We hope these revisions address any potential confusion and make the paper easier to understand. Thank you again for the time and effort you’ve put into reviewing our work!
The paper introduces Cocoon, a novel framework that addresses the challenge of multi-modal fusion in 3D object detection. The paper proposes a novel uncertainty-aware fusion framework that operates at both object and feature levels through the introduction of Feature Impression and a feature alignment mechanism. This approach leverages conformal prediction theory to quantify uncertainties in heterogeneous sensor data, enabling dynamic weight adjustment between different modalities such as cameras and LiDAR.
优点
1.Proposes a novel framework (Cocoon) that uniquely combines object-level and feature-level uncertainty awareness in multi-modal fusion, addressing a significant gap in existing approaches. 2.Thoroughly evaluates the model under diverse corruption scenarios, including both natural corruptions. 3.Provides solid mathematical foundation for the uncertainty quantification method, with clear derivations and validations across multiple datasets.
缺点
1.The paper shows a substantial increase in computational latency - from 1.1s to 1.6s when integrating Cocoon with FUTR3D. 2.While the paper demonstrates consistent improvements over baselines, the actual gains are relatively modest in many scenarios. 3.Only evaluates camera and LiDAR fusion, missing other important sensors like radar and ultrasonic. 4. The lack of validation on other datasets raises concerns about the generalizability of the method. Validation can be performed on the Waymo and Argoverse 2 datasets. 5. The method provides marginal gains and performs worse than previous methods such as CMT, BEVFusion, and DeepInteraction.
问题
1.While you propose using fewer decoder layers or queries to reduce latency: How does this affect the accuracy-speed tradeoff specifically? 2.Could you provide ablation studies on the importance of different components in your framework? Such as, how much does each component (feature aligner, Feature Impression, uncertainty quantification) contribute to the final performance?

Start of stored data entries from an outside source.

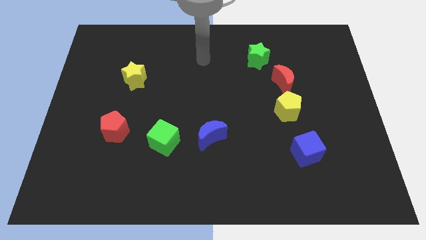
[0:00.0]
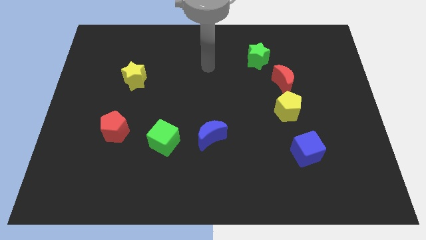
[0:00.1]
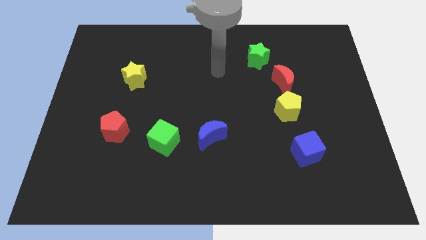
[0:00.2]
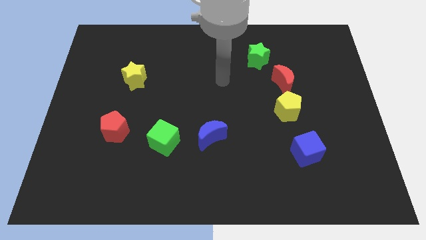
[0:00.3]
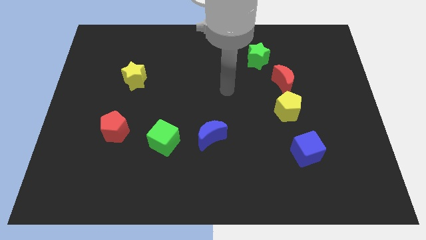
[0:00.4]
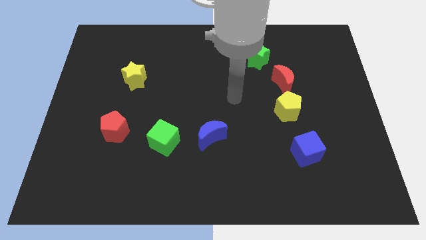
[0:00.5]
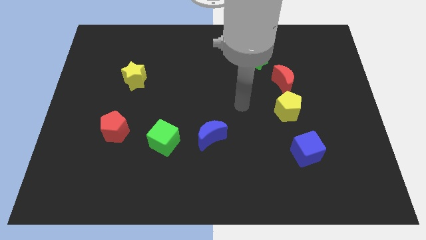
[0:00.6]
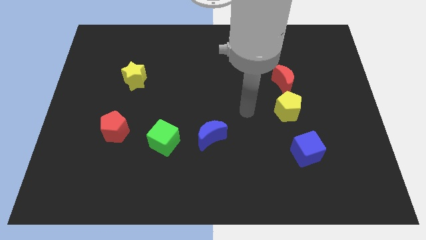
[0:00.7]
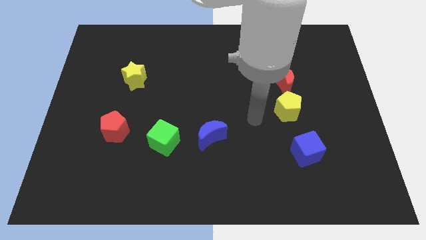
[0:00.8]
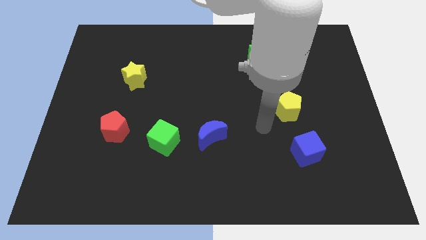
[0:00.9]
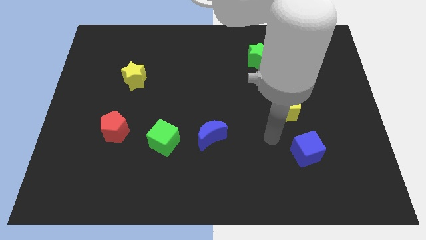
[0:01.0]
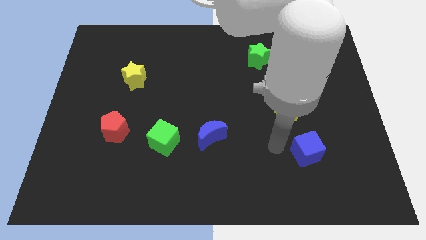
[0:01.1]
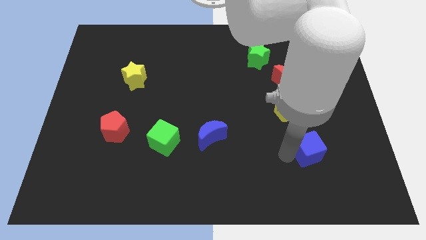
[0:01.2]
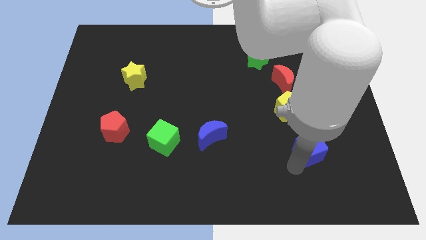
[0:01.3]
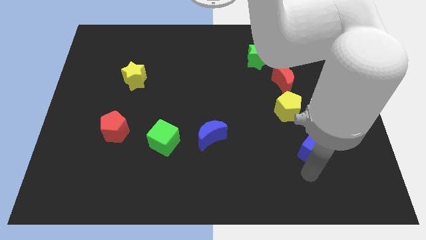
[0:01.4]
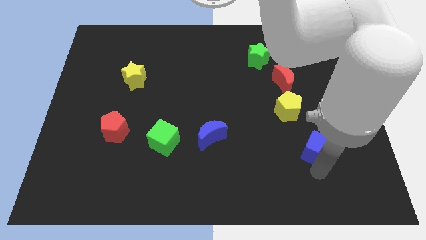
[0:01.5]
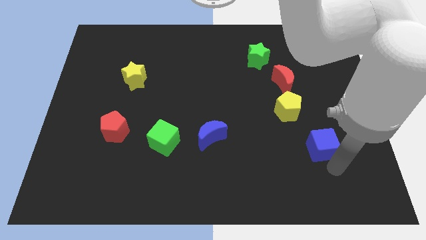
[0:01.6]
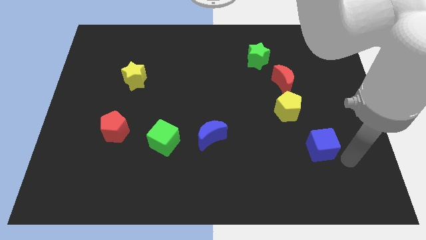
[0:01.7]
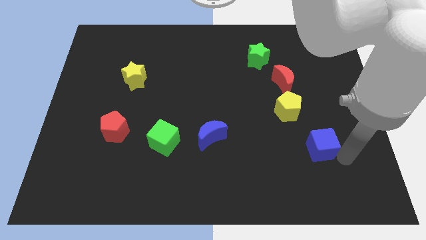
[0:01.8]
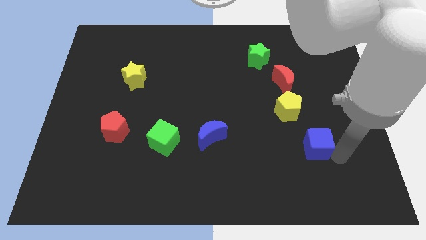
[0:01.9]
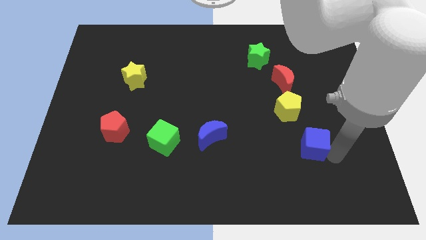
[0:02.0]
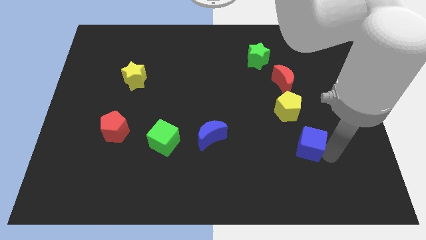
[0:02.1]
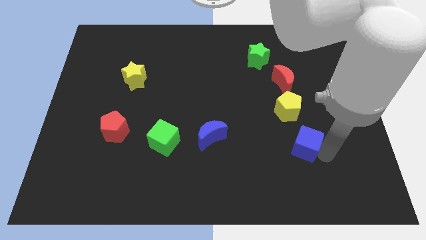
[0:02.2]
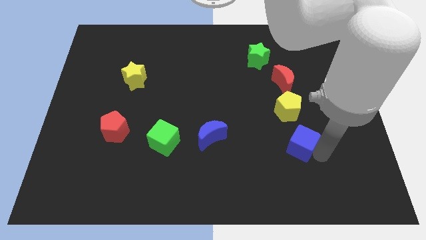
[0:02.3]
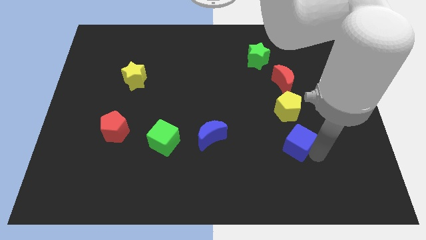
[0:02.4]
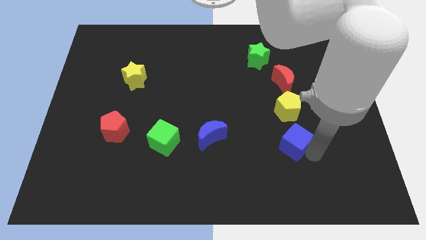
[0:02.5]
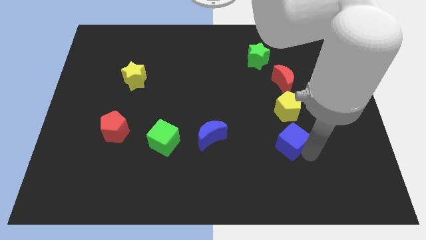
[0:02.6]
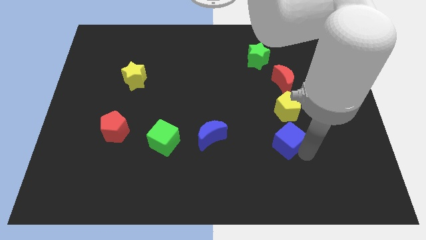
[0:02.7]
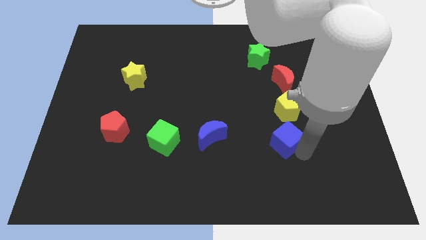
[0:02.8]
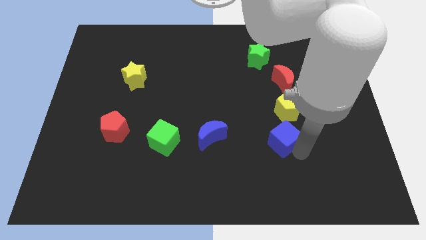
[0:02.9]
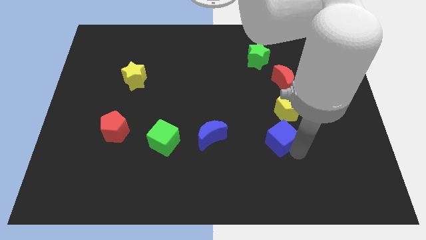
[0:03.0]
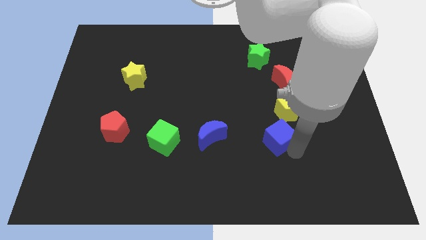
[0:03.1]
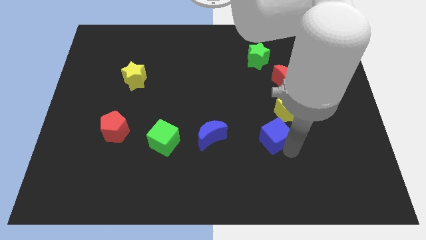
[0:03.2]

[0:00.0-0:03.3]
slightly move the blue cube diagonally up and to the left

Dear reviewer 9JUv, we greatly appreciate you bringing up the issues regarding feasibility (in terms of computational overhead), lack of ablation study, and generalizability. Please find our responses and additional experimental results addressing these concerns.
Q1: Computational Overhead
A1: First, regarding the use of fewer decoder layers for uncertainty quantification, please refer to General Response 2, where we present the results as an ablation study. However, we found that this approach might be too model-specific to generalize across other potential base models.
Instead, we developed a fine-tuning-based solution that significantly reduces computational overhead while improving accuracy. Please see General Response 1 for further details.
Q2: Lack of Ablation Study
A2: see General Response 2
Q3: The method provides marginal gains and performs worse than previous methods such as CMT, BEVFusion, and DeepInteraction.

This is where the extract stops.